COLUMN: Get off your bum and go outside
Coming in as a transfer student, I saw Central Michigan University with fresh eyes: the landscape around Brooks Hall, the interesting, yet eerie black sculpture near the University Art Gallery, the mind-blowing Charles V. Park Library with its moving bookshelves, the greenhouse, ponds and people who care about activism and language and art.
Having been here now for my third semester, I notice I sometimes slip into the naive student mindset of taking it all for granted.
This semester, I have found myself inside more often than normal. If I’m not sitting in class, I'm sitting at a computer typing up homework.
A new Danish study showed kids who walked or biked to school, rather than sit on the bus or crammed into a car, had much better concentration with positive effects lasting around four hours after the commute.
Many studies show one of the big indicators of life longevity depends on time spent walking or exercising. They often make linkages between exercise and health and mortality rates.

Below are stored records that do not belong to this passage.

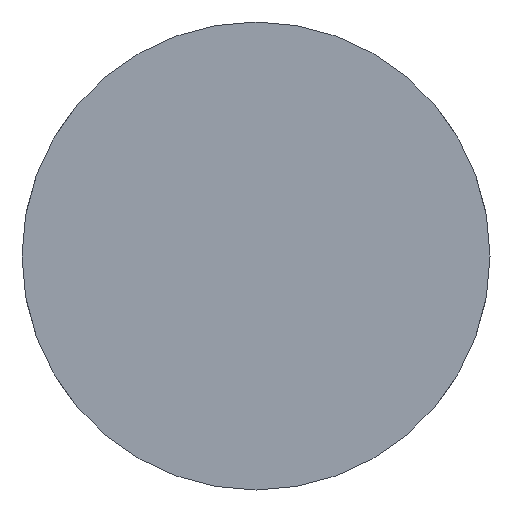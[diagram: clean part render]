
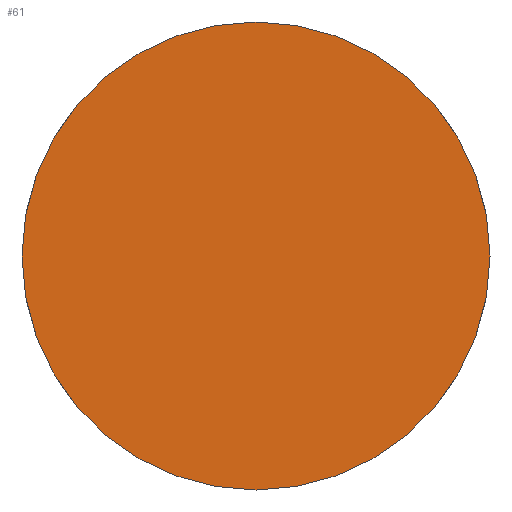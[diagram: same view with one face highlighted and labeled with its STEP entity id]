
A CAD part, front view. The second image highlights one B-rep face of the part: STEP entity #61.
In plain terms, the highlighted planar face has unit normal (0, -1, 0).
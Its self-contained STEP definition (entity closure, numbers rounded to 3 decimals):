
#11 = VERTEX_POINT ( 'NONE', #43 ) ;
#26 = CARTESIAN_POINT ( 'NONE',  ( 0., -54.966, 7.034 ) ) ;
#33 = VERTEX_POINT ( 'NONE', #44 ) ;
#39 = ORIENTED_EDGE ( 'NONE', *, *, #94, .T. ) ;
#41 = DIRECTION ( 'NONE',  ( 0., 0., -1. ) ) ;
#42 = CIRCLE ( 'NONE', #131, 3.5 ) ;
#43 = CARTESIAN_POINT ( 'NONE',  ( 0., -54.966, 10.534 ) ) ;
#44 = CARTESIAN_POINT ( 'NONE',  ( 0., -54.966, 3.534 ) ) ;
#57 = DIRECTION ( 'NONE',  ( 0., -1., 0. ) ) ;
#58 = CARTESIAN_POINT ( 'NONE',  ( 0., -54.966, 7.034 ) ) ;
#61 = ADVANCED_FACE ( 'NONE', ( #140 ), #126, .T. ) ;
#68 = AXIS2_PLACEMENT_3D ( 'NONE', #157, #57, #146 ) ;
#75 = DIRECTION ( 'NONE',  ( 0., -1., 0. ) ) ;
#79 = AXIS2_PLACEMENT_3D ( 'NONE', #58, #147, #41 ) ;
#88 = EDGE_CURVE ( 'NONE', #33, #11, #130, .T. ) ;
#94 = EDGE_CURVE ( 'NONE', #11, #33, #42, .T. ) ;
#103 = ORIENTED_EDGE ( 'NONE', *, *, #88, .T. ) ;
#111 = DIRECTION ( 'NONE',  ( 0., 0., -1. ) ) ;
#126 = PLANE ( 'NONE',  #79 ) ;
#130 = CIRCLE ( 'NONE', #68, 3.5 ) ;
#131 = AXIS2_PLACEMENT_3D ( 'NONE', #26, #75, #111 ) ;
#135 = EDGE_LOOP ( 'NONE', ( #103, #39 ) ) ;
#140 = FACE_OUTER_BOUND ( 'NONE', #135, .T. ) ;
#146 = DIRECTION ( 'NONE',  ( 0., 0., -1. ) ) ;
#147 = DIRECTION ( 'NONE',  ( 0., -1., 0. ) ) ;
#157 = CARTESIAN_POINT ( 'NONE',  ( 0., -54.966, 7.034 ) ) ;

These sound like "duh" statements, but, in today's culture, it needs to be said.
I love that some art students wore gas masks last week and stood with signs that told of the dangers of toxic indoor air and said we aren’t getting enough of the outside goodness. And we wonder why youth are so stressed.
What do we need to be doing?
Step 1: Get off our bums.
Step 2: Go outside. Don’t whine about the cold. Embrace it, especially if you want to call yourself a true Michigander.
Step 3: Get more natural. We can do this by not walking on the sidewalks or by just touching the trees on campus but watching the squirrels and visiting the greenhouse on campus, which is like a lesser-known paradise.
It might not be practical to tell my fellow college students to go out in the cold and snow more, as they might have no incentive, but perhaps a few suggestions for cold weather activities might make things easier.
How about walking the trails of the gorgeous parks in town, quit paying parking and walking instead, chasing the squirrels, playing kick the snow chunks or even borrowing someone’s kid and having them chase you around? (You could also be smart about this one and get the parent to pay you for it.)